The predominant form of lining for water applications is cement mortar centrifugally applied during manufacturing. The cement mortar comprises a mixture of cement and sand to a ratio of between 1:2 and 1:3.5. For potable water, portland cement is used; for sewage it is common to use sulfate resisting or high alumina cement.

Cement mortar linings have been found to dramatically reduce internal corrosion. A DIPRA survey has demonstrated that the Hazen-Williams factor of cement lining remains between 130 and 151 with only slight reduction with age.

==External coatings==
Unprotected ductile iron, similarly to cast iron, is intrinsically resistant to corrosion in most, although not all, soils. Nonetheless, because of frequent lack of information on soil aggressiveness and to extend the installed life of buried pipe, ductile iron pipe is commonly protected by one or more external coatings. In the US and Australia, loose polyethylene sleeving is preferred. In Europe, standards recommend a more sophisticated system of directly bonded zinc coatings overlaid by a finishing layer be used in conjunction with polyethylene sleeving.

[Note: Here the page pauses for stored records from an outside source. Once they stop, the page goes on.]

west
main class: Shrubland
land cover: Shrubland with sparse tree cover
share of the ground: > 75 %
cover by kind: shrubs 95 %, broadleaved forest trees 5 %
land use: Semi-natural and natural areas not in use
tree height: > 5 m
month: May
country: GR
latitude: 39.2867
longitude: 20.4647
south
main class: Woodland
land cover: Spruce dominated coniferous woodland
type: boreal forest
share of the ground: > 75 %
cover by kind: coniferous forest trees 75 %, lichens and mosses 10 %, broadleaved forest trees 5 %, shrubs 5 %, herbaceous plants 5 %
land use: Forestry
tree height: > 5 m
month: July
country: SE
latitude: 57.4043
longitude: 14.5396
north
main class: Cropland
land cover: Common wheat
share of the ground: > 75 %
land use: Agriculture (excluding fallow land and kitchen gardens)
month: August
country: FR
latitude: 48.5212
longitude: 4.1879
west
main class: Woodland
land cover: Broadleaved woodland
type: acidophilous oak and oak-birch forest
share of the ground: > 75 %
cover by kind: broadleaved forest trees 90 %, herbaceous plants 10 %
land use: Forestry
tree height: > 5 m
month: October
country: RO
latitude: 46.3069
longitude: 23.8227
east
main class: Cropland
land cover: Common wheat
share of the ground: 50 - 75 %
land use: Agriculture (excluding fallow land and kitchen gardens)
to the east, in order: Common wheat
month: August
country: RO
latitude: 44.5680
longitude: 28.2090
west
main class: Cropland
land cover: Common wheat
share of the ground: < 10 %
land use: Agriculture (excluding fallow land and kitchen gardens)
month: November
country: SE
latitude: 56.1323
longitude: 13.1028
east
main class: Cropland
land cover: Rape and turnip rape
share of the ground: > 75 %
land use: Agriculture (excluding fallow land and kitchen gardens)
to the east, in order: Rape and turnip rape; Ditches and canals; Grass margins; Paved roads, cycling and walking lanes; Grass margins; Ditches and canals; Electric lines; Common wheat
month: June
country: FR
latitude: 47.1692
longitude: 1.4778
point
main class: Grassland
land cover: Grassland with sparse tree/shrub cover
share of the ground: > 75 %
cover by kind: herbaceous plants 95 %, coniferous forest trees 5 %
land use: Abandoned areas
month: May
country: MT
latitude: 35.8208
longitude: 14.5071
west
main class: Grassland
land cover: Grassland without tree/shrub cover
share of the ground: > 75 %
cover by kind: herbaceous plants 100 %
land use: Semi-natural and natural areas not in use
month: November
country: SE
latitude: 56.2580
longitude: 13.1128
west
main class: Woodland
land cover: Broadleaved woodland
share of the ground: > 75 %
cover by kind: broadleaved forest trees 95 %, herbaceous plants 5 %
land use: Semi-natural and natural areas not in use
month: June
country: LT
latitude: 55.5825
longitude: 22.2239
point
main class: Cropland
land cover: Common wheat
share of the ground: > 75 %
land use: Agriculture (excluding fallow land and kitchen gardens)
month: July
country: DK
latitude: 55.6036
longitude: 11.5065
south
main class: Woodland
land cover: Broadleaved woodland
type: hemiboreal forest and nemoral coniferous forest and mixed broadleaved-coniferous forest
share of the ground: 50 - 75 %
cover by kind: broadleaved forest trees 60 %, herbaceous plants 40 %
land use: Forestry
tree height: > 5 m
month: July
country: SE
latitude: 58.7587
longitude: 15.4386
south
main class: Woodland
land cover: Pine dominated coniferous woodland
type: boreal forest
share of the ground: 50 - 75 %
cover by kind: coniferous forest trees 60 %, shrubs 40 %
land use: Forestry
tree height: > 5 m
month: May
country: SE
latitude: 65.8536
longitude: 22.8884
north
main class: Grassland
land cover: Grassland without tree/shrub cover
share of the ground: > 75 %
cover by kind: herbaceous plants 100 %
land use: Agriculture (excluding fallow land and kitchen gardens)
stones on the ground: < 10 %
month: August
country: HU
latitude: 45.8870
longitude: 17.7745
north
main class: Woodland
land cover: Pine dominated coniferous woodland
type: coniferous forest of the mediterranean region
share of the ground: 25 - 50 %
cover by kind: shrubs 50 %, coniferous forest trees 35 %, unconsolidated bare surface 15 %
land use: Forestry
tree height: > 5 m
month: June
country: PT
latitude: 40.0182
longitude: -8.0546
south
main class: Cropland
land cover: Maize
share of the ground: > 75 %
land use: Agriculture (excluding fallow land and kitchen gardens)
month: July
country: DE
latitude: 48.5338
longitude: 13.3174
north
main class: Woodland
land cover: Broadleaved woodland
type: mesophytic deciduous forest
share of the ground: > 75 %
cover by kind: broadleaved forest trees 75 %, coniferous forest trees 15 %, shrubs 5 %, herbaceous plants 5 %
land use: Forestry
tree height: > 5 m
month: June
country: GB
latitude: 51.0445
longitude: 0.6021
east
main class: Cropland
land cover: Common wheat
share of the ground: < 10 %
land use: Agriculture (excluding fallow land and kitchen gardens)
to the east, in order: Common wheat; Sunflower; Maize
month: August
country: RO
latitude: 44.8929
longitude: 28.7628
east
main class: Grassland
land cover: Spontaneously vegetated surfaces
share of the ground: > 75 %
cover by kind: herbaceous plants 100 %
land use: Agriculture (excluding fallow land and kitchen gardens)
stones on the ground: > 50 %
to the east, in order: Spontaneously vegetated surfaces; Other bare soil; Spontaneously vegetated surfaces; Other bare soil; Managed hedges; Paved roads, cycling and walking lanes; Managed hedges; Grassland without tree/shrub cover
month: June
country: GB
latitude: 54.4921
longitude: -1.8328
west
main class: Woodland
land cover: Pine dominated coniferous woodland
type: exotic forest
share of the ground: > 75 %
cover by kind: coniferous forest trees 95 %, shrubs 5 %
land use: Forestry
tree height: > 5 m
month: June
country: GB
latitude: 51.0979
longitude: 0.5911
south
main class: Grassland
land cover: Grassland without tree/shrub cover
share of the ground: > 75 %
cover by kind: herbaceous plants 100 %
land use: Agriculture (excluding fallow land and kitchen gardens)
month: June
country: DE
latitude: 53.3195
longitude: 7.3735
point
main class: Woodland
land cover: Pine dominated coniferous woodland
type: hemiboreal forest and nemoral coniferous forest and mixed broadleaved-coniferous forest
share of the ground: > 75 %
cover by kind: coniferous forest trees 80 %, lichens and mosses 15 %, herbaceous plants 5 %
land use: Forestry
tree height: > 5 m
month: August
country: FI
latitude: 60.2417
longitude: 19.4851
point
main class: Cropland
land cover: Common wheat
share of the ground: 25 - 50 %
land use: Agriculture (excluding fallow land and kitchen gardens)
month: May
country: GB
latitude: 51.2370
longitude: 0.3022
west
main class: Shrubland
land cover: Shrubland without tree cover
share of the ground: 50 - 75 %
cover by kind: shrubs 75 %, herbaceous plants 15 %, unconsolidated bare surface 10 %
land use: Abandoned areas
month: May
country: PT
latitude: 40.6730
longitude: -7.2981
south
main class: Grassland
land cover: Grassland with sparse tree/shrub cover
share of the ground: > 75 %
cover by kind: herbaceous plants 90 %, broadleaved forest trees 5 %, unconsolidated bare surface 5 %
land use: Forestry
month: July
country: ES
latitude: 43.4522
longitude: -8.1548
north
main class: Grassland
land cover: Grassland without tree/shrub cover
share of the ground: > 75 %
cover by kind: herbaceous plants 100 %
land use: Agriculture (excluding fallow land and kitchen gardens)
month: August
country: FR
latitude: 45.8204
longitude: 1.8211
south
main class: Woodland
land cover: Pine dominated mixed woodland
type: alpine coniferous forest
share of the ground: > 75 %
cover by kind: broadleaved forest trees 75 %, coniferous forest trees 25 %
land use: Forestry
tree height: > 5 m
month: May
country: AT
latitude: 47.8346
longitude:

=== Loose Polyethylene Sleeving (LPS) ===
Loose Polyethylene sleeving was first developed by CIPRA (since 1979, DIPRA) in the US in 1951 for use in highly corrosive soil. It was employed more widely in the US in the late 1950s and first employed in the UK in 1965 and Australia in the mid-1960s. Loose Polyethylene Sleeving (LPS) remains as one of the most cost effective corrosion protection methods available today with a proven track record for reliability and effectiveness.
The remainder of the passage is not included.